- _Problem to work on_: Below are the records; collect from them each line containing the string "style".

== Source records

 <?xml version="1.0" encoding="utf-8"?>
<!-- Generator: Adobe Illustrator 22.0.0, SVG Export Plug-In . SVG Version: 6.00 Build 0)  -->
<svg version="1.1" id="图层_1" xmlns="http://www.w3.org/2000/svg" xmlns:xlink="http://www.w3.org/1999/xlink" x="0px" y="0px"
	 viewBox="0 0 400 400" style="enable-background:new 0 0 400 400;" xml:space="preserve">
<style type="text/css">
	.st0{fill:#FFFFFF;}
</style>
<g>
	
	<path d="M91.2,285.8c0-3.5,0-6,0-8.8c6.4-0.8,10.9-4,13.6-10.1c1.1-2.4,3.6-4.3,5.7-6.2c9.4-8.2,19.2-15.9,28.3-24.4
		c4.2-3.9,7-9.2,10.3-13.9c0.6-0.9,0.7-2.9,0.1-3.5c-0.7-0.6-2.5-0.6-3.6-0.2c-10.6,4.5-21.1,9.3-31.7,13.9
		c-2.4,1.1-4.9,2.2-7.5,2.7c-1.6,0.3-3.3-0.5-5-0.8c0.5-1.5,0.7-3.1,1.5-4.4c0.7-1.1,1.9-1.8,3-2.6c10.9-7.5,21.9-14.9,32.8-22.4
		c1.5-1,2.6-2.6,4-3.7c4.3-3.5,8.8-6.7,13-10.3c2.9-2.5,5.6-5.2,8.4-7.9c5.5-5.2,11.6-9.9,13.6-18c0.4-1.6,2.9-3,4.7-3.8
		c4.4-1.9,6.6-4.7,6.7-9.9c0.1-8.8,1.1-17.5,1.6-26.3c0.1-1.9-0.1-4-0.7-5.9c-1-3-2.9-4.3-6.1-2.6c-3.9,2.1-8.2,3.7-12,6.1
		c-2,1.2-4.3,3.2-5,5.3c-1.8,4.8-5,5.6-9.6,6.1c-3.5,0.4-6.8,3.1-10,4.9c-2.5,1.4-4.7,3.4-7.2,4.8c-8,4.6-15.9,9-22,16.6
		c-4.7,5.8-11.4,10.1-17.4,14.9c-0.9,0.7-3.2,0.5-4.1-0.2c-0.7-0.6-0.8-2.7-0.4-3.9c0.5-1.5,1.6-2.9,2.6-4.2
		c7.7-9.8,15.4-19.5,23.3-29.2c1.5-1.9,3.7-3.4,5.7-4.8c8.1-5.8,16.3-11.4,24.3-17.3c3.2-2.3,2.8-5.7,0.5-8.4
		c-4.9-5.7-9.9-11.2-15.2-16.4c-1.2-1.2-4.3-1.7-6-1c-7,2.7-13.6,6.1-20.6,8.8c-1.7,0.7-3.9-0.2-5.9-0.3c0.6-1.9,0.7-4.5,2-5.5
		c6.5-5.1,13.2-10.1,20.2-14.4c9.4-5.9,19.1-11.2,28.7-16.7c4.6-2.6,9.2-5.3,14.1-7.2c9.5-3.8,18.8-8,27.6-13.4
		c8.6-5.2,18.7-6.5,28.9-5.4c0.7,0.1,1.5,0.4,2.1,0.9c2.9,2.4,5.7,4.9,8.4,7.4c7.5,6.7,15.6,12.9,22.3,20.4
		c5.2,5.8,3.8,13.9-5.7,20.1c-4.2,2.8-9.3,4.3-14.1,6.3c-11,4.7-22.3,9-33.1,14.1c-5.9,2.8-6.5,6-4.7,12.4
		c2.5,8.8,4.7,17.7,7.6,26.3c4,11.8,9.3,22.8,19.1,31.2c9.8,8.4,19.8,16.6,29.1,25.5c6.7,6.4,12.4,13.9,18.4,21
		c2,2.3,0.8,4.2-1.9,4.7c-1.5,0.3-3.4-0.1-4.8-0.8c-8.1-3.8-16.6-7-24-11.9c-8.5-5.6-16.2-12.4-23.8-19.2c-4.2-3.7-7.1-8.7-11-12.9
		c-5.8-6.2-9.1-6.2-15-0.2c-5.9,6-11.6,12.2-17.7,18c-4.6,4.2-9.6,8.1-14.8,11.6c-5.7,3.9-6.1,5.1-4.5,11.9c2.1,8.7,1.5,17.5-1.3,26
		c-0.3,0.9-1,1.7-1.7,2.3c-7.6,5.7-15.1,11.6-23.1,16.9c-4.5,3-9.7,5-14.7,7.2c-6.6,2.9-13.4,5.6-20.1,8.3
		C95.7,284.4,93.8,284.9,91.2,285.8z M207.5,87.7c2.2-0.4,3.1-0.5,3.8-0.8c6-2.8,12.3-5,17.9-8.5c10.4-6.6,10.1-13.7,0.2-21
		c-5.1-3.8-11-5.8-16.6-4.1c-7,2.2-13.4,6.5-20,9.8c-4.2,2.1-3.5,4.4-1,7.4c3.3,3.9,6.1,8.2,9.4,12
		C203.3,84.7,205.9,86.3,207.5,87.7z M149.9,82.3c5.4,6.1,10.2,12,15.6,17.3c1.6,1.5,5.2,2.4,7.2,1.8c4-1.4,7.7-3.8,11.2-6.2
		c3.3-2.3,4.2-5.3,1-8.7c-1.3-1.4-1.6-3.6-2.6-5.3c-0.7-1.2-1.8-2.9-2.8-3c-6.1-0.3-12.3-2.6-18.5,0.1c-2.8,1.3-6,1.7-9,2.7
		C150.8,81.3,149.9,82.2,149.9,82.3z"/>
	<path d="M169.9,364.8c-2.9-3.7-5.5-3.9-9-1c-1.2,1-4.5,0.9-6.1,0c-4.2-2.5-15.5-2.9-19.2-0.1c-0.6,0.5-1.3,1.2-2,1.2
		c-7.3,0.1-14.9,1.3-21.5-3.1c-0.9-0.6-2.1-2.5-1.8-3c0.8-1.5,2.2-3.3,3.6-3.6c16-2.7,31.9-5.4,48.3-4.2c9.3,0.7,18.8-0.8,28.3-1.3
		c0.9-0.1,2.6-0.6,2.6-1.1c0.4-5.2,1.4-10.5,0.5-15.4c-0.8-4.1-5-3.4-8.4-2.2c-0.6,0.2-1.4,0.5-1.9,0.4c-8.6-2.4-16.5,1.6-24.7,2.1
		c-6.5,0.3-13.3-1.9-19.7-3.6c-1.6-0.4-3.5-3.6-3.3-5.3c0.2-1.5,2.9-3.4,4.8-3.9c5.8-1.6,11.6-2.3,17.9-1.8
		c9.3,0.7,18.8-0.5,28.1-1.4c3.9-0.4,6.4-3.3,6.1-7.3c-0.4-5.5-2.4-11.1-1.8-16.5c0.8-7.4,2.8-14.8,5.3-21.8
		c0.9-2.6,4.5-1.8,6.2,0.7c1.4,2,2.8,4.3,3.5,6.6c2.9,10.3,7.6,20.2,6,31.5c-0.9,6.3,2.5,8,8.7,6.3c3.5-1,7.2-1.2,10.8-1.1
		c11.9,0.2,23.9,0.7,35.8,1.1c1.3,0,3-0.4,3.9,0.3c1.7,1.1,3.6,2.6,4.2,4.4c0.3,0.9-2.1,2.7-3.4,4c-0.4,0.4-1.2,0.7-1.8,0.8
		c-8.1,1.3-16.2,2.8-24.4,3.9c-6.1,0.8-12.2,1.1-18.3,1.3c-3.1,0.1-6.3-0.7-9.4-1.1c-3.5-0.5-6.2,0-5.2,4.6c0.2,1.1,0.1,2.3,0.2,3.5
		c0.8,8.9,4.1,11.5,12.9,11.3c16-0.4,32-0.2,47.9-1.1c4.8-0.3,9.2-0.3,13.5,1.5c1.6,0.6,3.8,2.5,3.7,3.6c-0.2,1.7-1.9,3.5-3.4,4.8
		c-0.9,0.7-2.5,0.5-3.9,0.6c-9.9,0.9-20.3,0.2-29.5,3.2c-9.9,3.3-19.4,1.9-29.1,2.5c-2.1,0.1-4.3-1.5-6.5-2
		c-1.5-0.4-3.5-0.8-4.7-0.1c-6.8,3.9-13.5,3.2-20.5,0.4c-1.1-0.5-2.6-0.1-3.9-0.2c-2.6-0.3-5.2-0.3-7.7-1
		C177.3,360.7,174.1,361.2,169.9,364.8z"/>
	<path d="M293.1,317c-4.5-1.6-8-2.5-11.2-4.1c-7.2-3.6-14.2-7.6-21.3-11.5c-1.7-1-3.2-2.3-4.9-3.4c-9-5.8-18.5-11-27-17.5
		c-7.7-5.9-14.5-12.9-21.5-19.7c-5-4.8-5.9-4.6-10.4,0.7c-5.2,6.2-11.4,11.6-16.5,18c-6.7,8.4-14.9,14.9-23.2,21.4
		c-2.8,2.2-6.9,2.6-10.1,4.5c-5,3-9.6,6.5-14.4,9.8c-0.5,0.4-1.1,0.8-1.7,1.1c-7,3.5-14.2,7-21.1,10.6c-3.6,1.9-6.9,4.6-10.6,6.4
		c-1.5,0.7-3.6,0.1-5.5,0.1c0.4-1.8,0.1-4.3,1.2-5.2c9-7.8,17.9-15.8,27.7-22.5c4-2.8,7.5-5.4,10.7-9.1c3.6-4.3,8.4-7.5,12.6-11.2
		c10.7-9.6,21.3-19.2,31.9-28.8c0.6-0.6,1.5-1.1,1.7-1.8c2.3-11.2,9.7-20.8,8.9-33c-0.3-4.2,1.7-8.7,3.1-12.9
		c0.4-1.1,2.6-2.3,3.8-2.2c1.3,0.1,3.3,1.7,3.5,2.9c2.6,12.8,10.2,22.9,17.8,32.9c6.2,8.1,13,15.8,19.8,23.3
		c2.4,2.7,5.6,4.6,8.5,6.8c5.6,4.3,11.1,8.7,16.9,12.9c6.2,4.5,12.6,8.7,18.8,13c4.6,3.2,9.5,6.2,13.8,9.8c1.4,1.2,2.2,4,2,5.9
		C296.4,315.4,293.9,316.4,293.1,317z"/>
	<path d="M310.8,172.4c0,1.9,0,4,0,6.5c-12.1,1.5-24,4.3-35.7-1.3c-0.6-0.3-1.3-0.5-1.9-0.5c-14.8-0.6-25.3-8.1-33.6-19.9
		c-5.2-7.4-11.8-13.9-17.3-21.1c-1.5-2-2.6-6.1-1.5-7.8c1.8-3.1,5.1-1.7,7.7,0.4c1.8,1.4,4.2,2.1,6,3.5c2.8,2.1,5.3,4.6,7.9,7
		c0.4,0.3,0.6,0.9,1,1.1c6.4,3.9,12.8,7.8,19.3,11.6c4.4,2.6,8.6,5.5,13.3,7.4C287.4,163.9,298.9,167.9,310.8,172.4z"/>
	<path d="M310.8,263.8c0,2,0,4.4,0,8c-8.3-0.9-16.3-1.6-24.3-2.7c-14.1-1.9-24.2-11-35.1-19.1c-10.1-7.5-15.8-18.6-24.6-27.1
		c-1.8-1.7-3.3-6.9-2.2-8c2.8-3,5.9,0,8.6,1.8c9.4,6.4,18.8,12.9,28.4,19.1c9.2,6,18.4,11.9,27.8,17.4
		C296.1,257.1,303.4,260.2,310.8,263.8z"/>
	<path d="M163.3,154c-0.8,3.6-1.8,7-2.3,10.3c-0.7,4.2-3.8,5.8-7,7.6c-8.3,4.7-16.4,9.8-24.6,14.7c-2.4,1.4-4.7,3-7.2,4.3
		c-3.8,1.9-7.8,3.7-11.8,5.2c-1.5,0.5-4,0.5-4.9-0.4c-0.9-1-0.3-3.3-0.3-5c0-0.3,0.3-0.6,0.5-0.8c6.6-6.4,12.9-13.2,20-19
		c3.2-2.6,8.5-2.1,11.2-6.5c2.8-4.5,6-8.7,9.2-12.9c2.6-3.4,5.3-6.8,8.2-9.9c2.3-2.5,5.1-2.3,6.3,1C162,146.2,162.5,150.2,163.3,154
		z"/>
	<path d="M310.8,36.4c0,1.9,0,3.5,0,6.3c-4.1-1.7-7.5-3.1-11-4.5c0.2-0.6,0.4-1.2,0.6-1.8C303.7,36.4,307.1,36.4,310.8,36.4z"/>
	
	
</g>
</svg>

====

- _Response area_:
	 viewBox="0 0 400 400" style="enable-background:new 0 0 400 400;" xml:space="preserve">
<style type="text/css">
</style>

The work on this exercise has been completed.